= Alexandros Xydis =

Greek diplomat, historian and art critic

Alexandros Xydis (1918–2004) was a Greek diplomat, historian, and art critic.
== Biography ==
Born to Georgios Xydis and Alexandra Dragoumi, he descended from the prominent Dragoumis family and was the grandson of Prime Minister Stefanos Dragoumis. His siblings were Stefanos Xydis and Faini Xydis. Xydis pursued a career in the Diplomatic Corps, serving in Casablanca, Canberra, London, and Damascus. In London during the 1950s, he worked alongside the poet George Seferis, with whom he shared a close friendship.

Xydis was a significant art critic of his time and a founding member of the Society of Greek Art Critics, serving as its president.
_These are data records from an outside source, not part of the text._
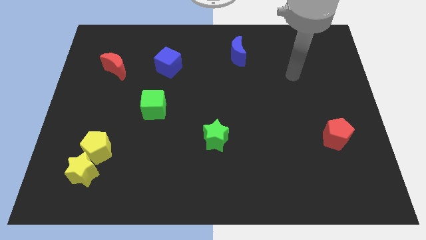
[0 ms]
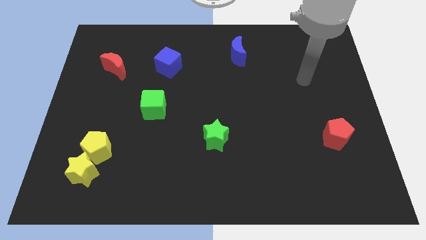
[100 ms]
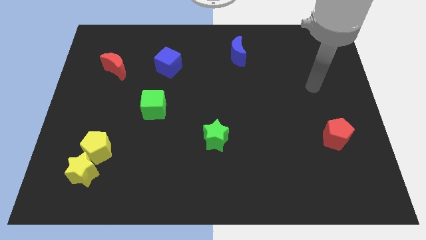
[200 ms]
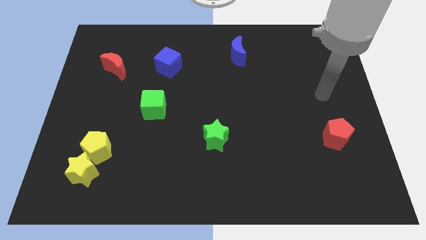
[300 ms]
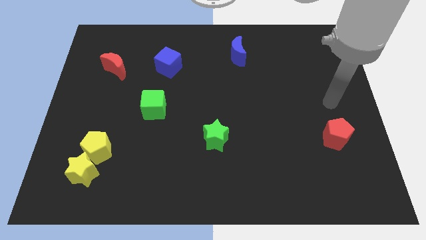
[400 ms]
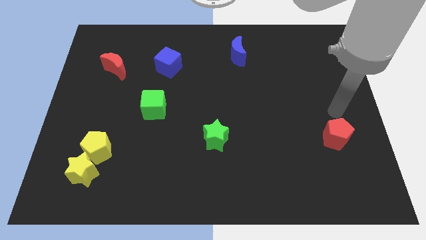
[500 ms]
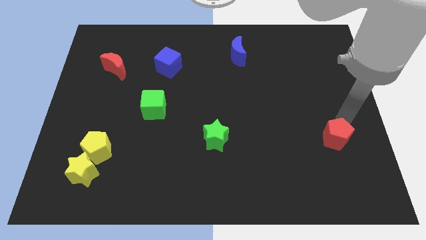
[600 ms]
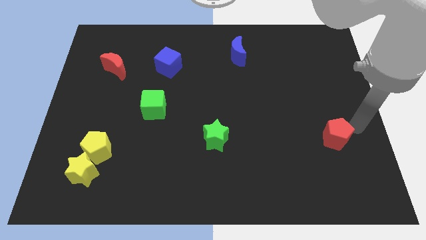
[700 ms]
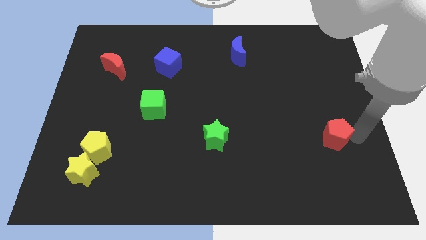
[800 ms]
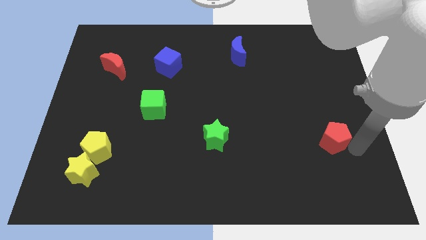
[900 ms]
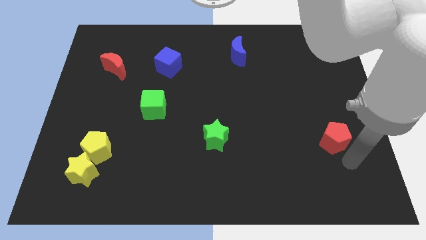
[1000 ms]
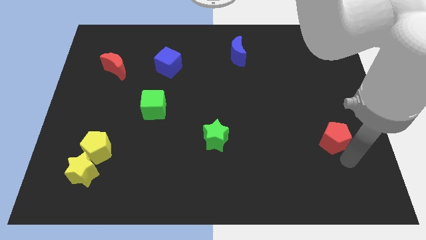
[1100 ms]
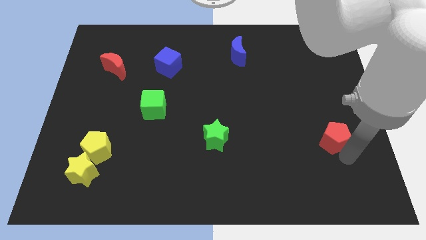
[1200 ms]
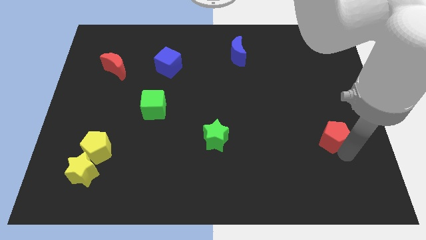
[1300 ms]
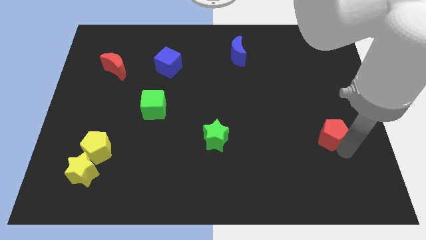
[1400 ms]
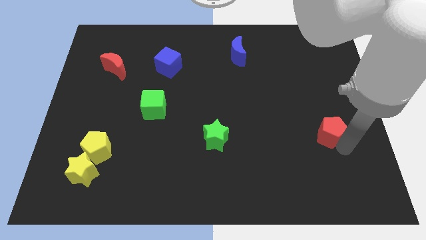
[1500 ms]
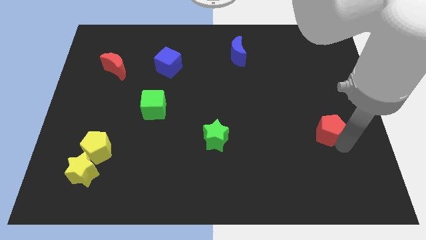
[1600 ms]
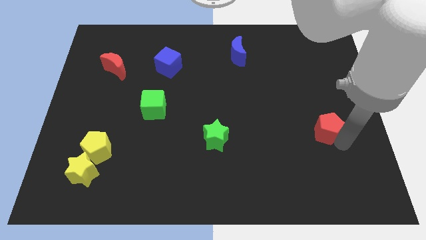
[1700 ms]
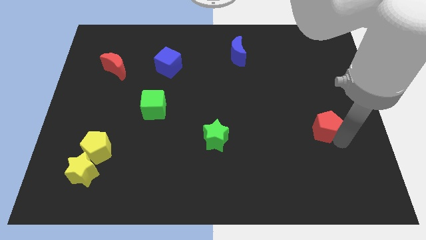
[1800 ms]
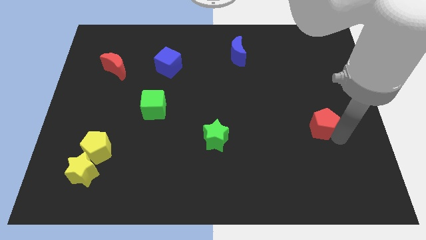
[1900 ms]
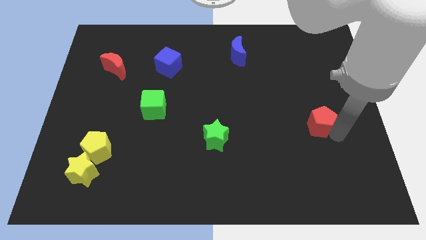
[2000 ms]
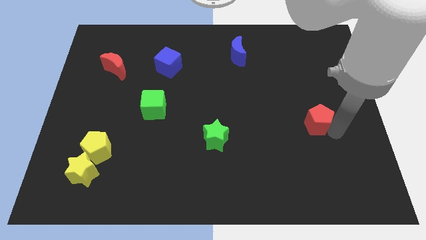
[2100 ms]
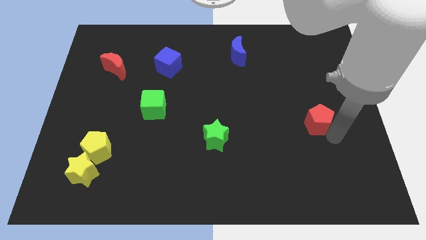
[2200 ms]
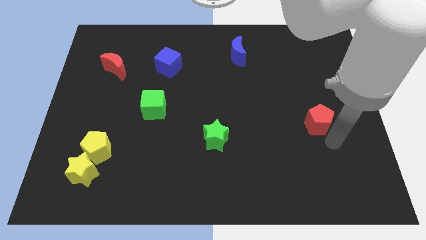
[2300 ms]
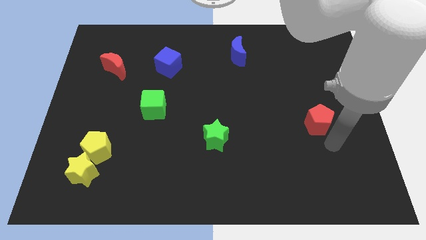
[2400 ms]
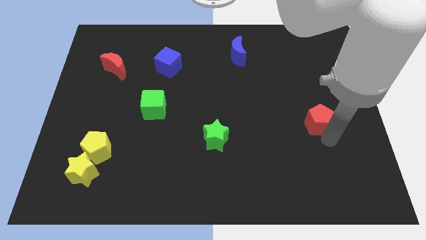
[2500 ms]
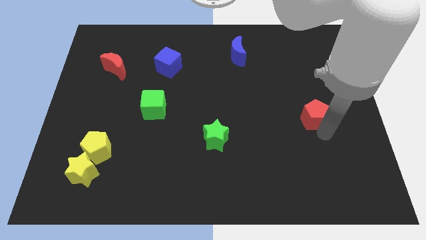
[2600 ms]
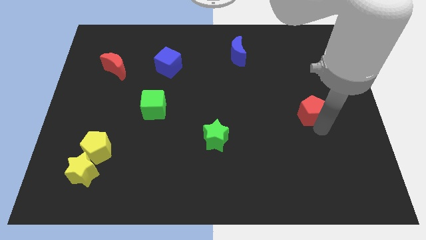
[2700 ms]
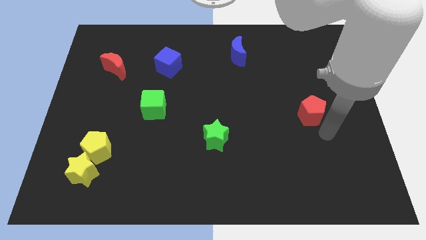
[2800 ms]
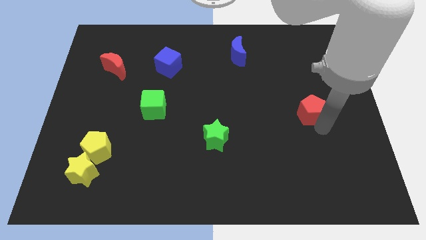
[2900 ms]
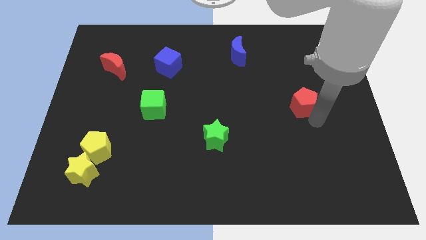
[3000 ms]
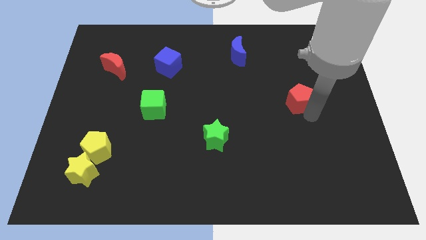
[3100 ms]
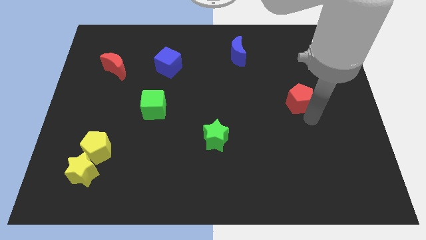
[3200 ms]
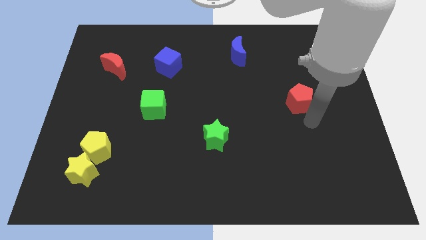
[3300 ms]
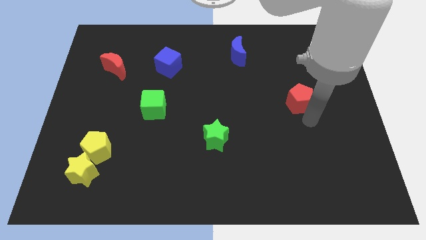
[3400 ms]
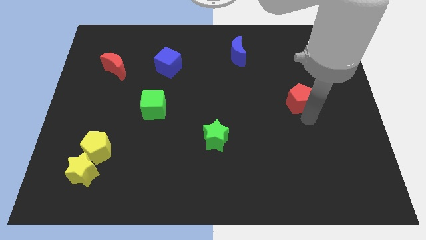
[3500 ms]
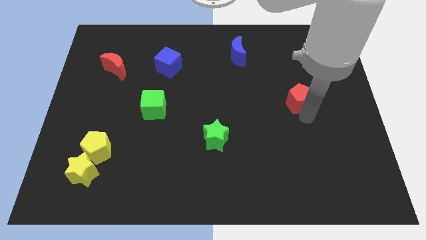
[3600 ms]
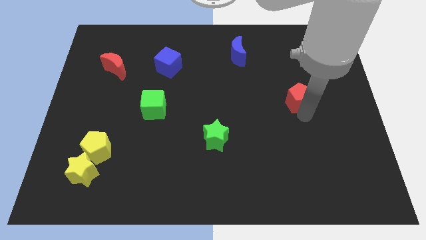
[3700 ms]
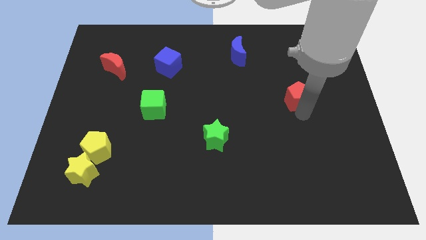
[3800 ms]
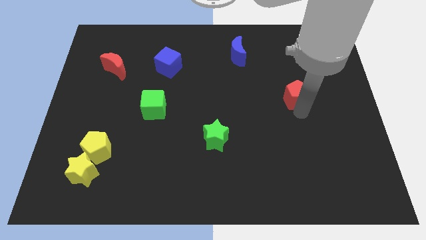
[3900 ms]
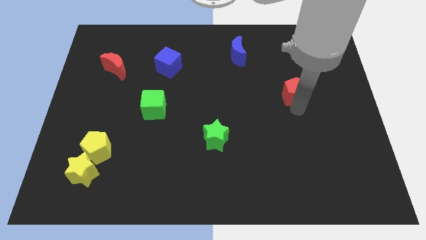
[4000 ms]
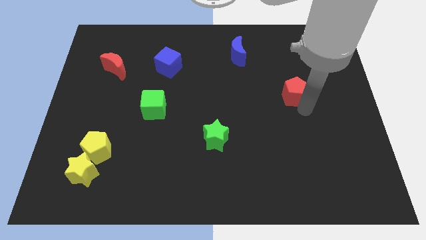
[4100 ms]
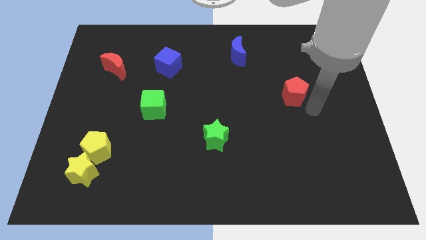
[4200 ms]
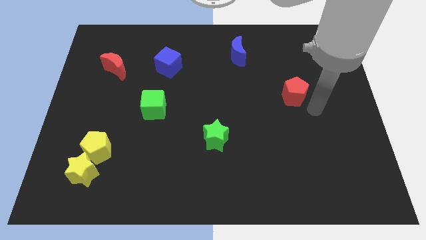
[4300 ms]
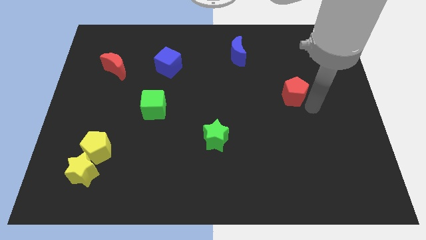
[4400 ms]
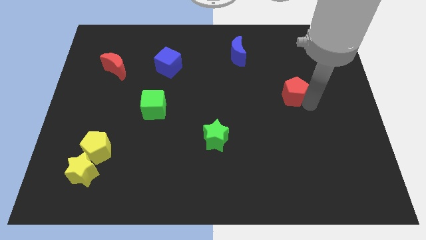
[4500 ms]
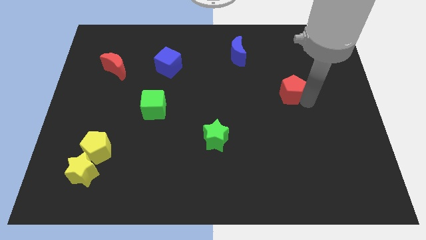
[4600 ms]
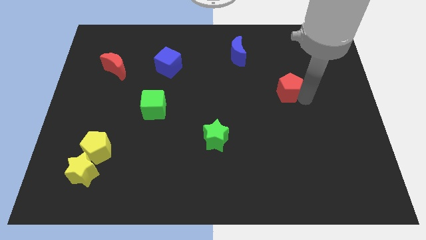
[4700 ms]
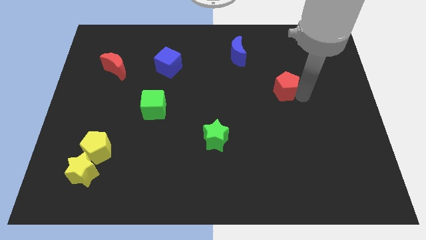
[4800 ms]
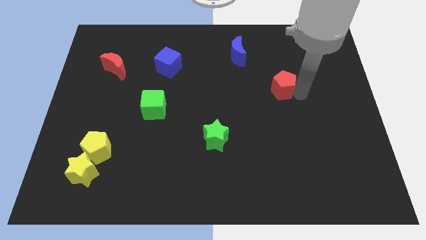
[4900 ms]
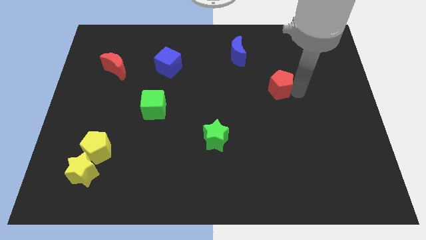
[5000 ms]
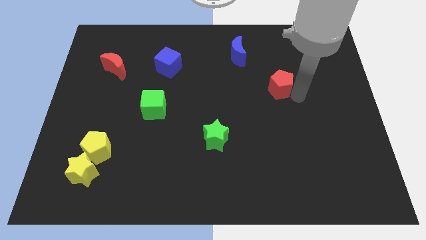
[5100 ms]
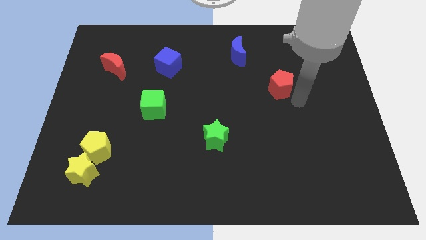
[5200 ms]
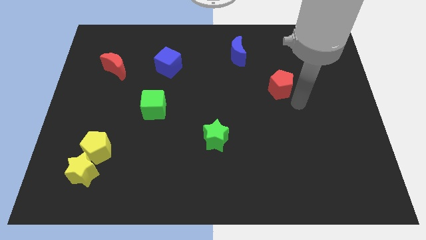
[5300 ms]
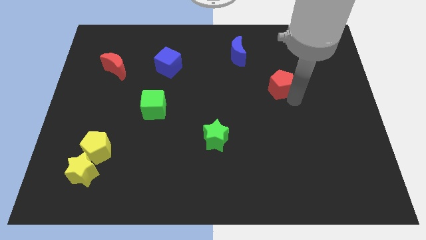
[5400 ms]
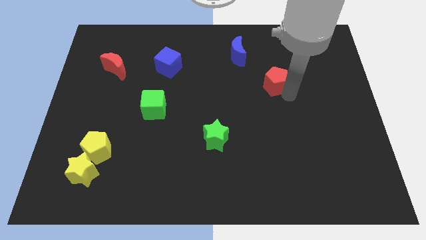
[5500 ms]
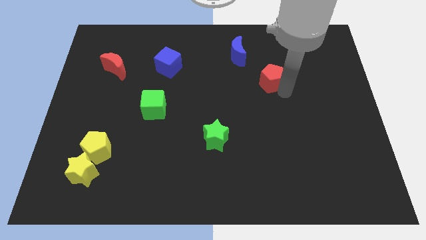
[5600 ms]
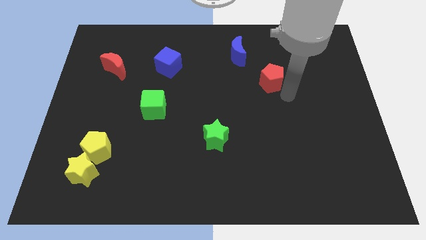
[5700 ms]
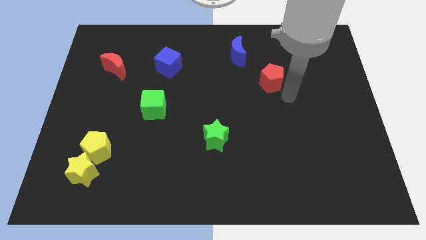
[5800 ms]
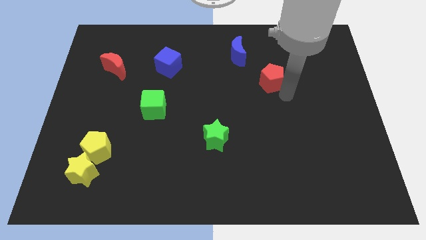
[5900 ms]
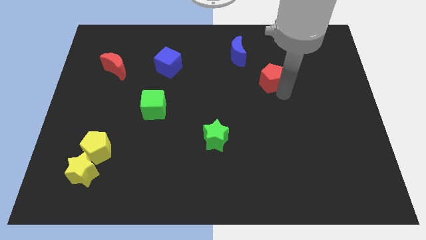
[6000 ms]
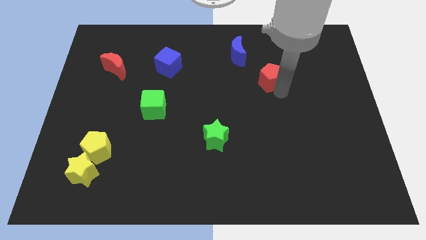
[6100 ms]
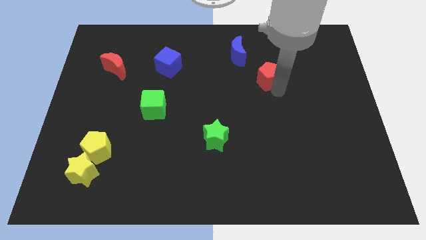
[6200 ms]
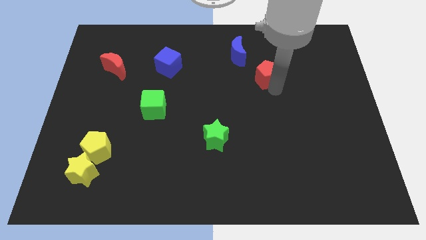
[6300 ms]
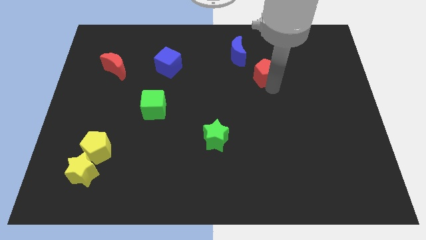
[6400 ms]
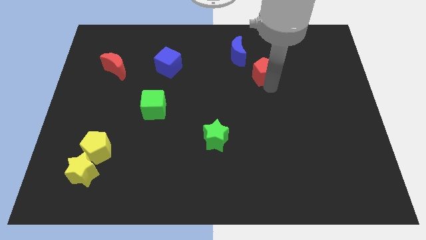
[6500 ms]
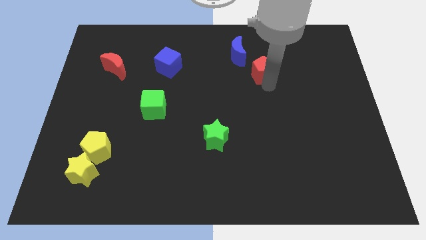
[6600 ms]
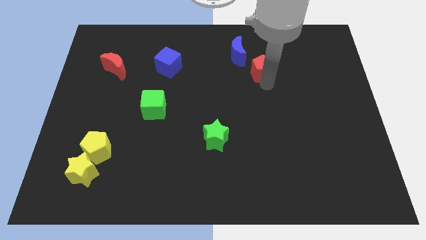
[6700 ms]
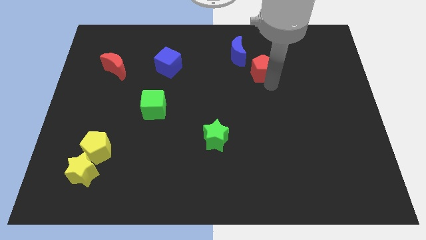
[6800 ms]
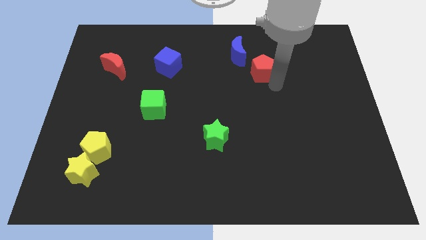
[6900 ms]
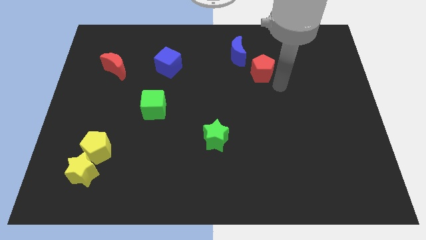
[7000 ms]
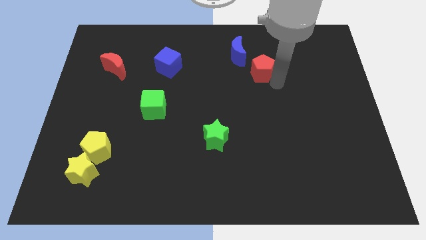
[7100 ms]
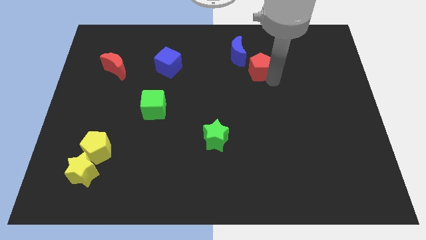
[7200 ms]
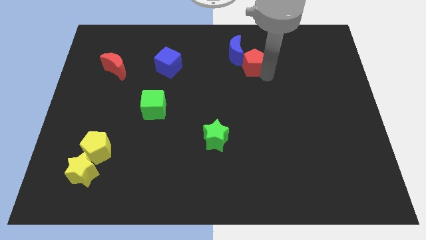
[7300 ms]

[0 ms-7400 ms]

He began engaging with art in 1938 and maintained a large collection of engravings and paintings, which he donated to the Macedonian Museum of Contemporary Art. Part of his archive was also donated to the Contemporary Social History Archives (ASKI). He authored several books on art and the Cyprus issue and was the publisher of the journal Tetradio.

During the seven-year military junta in Greece, Xydis participated in the resistance against the regime as a member of the Democratic Defense, alongside his wife Dorothea. He was a friend of Andreas Papandreou and, after the restoration of democracy, became a founding member of the PASOK party and its first Central Committee. However, he was expelled from the party in 1975. He continued his political activism with the Socialist March and later as a founding member of the Synaspismos.

Xydis' residence in the Mets, Athens, was designed by architect Aris Konstantinidis and is considered one of his most notable works.

He died in Athens on November 10, 2004, and was buried in the First Cemetery of Athens. He was married and had children.